There are two main options. First, users can set `prop = "n"`

, `prop = "r"`

, or `prop = "w"`

, in which case the function will return the proportion of “w”, “r”, or “n” in the resulting vector of Rauch indices.

```
# get the proportion of type "r"
get_proddiff(sourcevar = c("120600", "854690"), origin = "HS5", prop = "r")
```

```
120600 854690
1 0
```

If prop is not set to any of these, then the function returns, for each input code, a dataframe that summarizes all the frequencies and proportions of “w”, “r”, and “n”.

```
$`120600`
rauch freq proportion
1 w 0 0
2 r 1 1
3 n 0 0
$`854690`
rauch freq proportion
1 w 0 0
2 r 0 0
3 n 1 1
```

Second, users can choose Rauch’s conservative classification with `setting = CON`

(default). `setting = LIB`

returns Rauch’s liberal classification.

```
$`120600`
rauch freq proportion
1 w 1 1
2 r 0 0
3 n 0 0
$`854690`
rauch freq proportion
1 w 0 0
2 r 0 0
3 n 1 1
```

Broda and Weinstein (2006) estimate product-level import demand elasticities for 73 countries using HS0 3-digit codes.

The `get_sigma`

function concords users’ input codes to 3-digit HS0 codes and then extracts the corresponding product-level elasticities in the country selected by the user.

There are two main options.

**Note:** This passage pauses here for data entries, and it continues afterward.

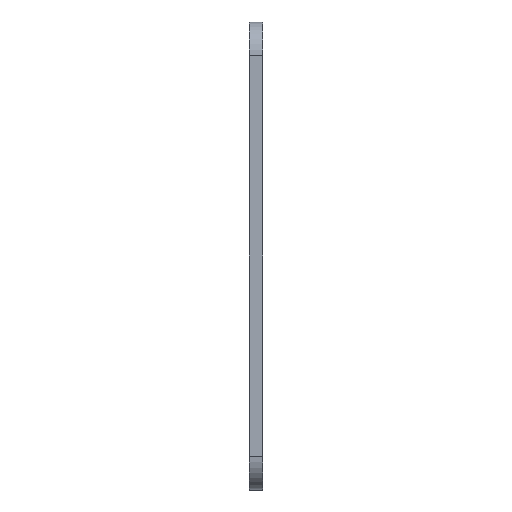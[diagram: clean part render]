
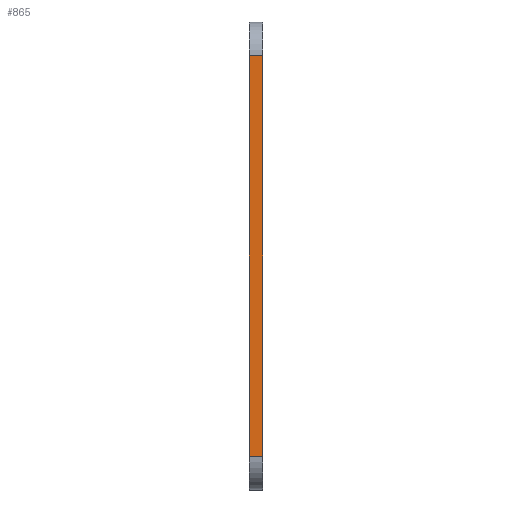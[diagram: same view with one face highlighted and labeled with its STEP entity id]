
A CAD part, left-side view. The second image highlights one B-rep face of the part: STEP entity #865.
In plain terms, the highlighted planar face has unit normal (-1, 0, 0).
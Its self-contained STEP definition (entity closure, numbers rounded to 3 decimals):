
#107 = EDGE_CURVE ( 'NONE', #2239, #2227, #3150, .T. ) ;
#217 = DIRECTION ( 'NONE',  ( 0., 0., 1. ) ) ;
#276 = DIRECTION ( 'NONE',  ( 1., 0., 0. ) ) ;
#307 = EDGE_CURVE ( 'NONE', #508, #536, #2027, .T. ) ;
#322 = ORIENTED_EDGE ( 'NONE', *, *, #107, .F. ) ;
#460 = LINE ( 'NONE', #481, #1809 ) ;
#481 = CARTESIAN_POINT ( 'NONE',  ( -130., 4., -59. ) ) ;
#508 = VERTEX_POINT ( 'NONE', #2611 ) ;
#536 = VERTEX_POINT ( 'NONE', #1740 ) ;
#770 = CARTESIAN_POINT ( 'NONE',  ( -130., 0., 69. ) ) ;
#796 = AXIS2_PLACEMENT_3D ( 'NONE', #2481, #276, #1260 ) ;
#810 = CARTESIAN_POINT ( 'NONE',  ( -130., 4., 59. ) ) ;
#865 = ADVANCED_FACE ( 'NONE', ( #1523 ), #2501, .F. ) ;
#1058 = DIRECTION ( 'NONE',  ( 0., 1., 0. ) ) ;
#1066 = EDGE_CURVE ( 'NONE', #536, #2227, #2985, .T. ) ;
#1260 = DIRECTION ( 'NONE',  ( 0., 0., -1. ) ) ;
#1523 = FACE_OUTER_BOUND ( 'NONE', #1901, .T. ) ;
#1740 = CARTESIAN_POINT ( 'NONE',  ( -130., 0., 59. ) ) ;
#1809 = VECTOR ( 'NONE', #1916, 1000. ) ;
#1821 = VECTOR ( 'NONE', #1058, 1000. ) ;
#1823 = VECTOR ( 'NONE', #217, 1000. ) ;
#1901 = EDGE_LOOP ( 'NONE', ( #2919, #2995, #322, #2188 ) ) ;
#1916 = DIRECTION ( 'NONE',  ( 0., -1., 0. ) ) ;
#2027 = LINE ( 'NONE', #770, #3045 ) ;
#2051 = CARTESIAN_POINT ( 'NONE',  ( -130., 4., 59. ) ) ;
#2117 = EDGE_CURVE ( 'NONE', #2239, #508, #460, .T. ) ;
#2188 = ORIENTED_EDGE ( 'NONE', *, *, #2117, .T. ) ;
#2227 = VERTEX_POINT ( 'NONE', #810 ) ;
#2239 = VERTEX_POINT ( 'NONE', #2724 ) ;
#2481 = CARTESIAN_POINT ( 'NONE',  ( -130., 4., 69. ) ) ;
#2501 = PLANE ( 'NONE',  #796 ) ;
#2611 = CARTESIAN_POINT ( 'NONE',  ( -130., 0., -59. ) ) ;
#2651 = CARTESIAN_POINT ( 'NONE',  ( -130., 4., 69. ) ) ;
#2724 = CARTESIAN_POINT ( 'NONE',  ( -130., 4., -59. ) ) ;
#2919 = ORIENTED_EDGE ( 'NONE', *, *, #307, .T. ) ;
#2985 = LINE ( 'NONE', #2051, #1821 ) ;
#2995 = ORIENTED_EDGE ( 'NONE', *, *, #1066, .T. ) ;
#3031 = DIRECTION ( 'NONE',  ( 0., 0., 1. ) ) ;
#3045 = VECTOR ( 'NONE', #3031, 1000. ) ;
#3150 = LINE ( 'NONE', #2651, #1823 ) ;

First, when `give_avg = TRUE`

(default), each output element will be a simple average of all elasticities (of matched codes) in the corresponding vector.

`[1] 3.733456 1.233216`

Users can also set `give_avg = FALSE`

to obtain the full vector of elasticities for all matching codes of each element in the input vector. In this case, there were only one matches per input.

```
$`120600`
$`120600`$elasticity
[1] 3.733456
$`854690`
$`854690`$elasticity
[1] 1.233216
```

Second, for the United States (only), Broda and Weinstein (2006) have also estimated elasticities based on more fine-grained 5-digit SITC3 codes. Users can obtain elasticities in the United States via this method with `use_SITC = TRUE`

.

```
get_sigma(sourcevar = c("120600", "854690"), origin = "HS5",
country = "USA", use_SITC = TRUE, give_avg = TRUE)
```

`[1] 2.562991 1.345522`

- Broda, Christian, and David E. Weinstein. 2006. “Globalization and the Gains from Variety,” Quarterly Journal of Economics, 121(2): 541–585.
- Rauch, James E. 1999. “Networks Versus Markets in International Trade,” Journal of International Economics 48(1): 7–35.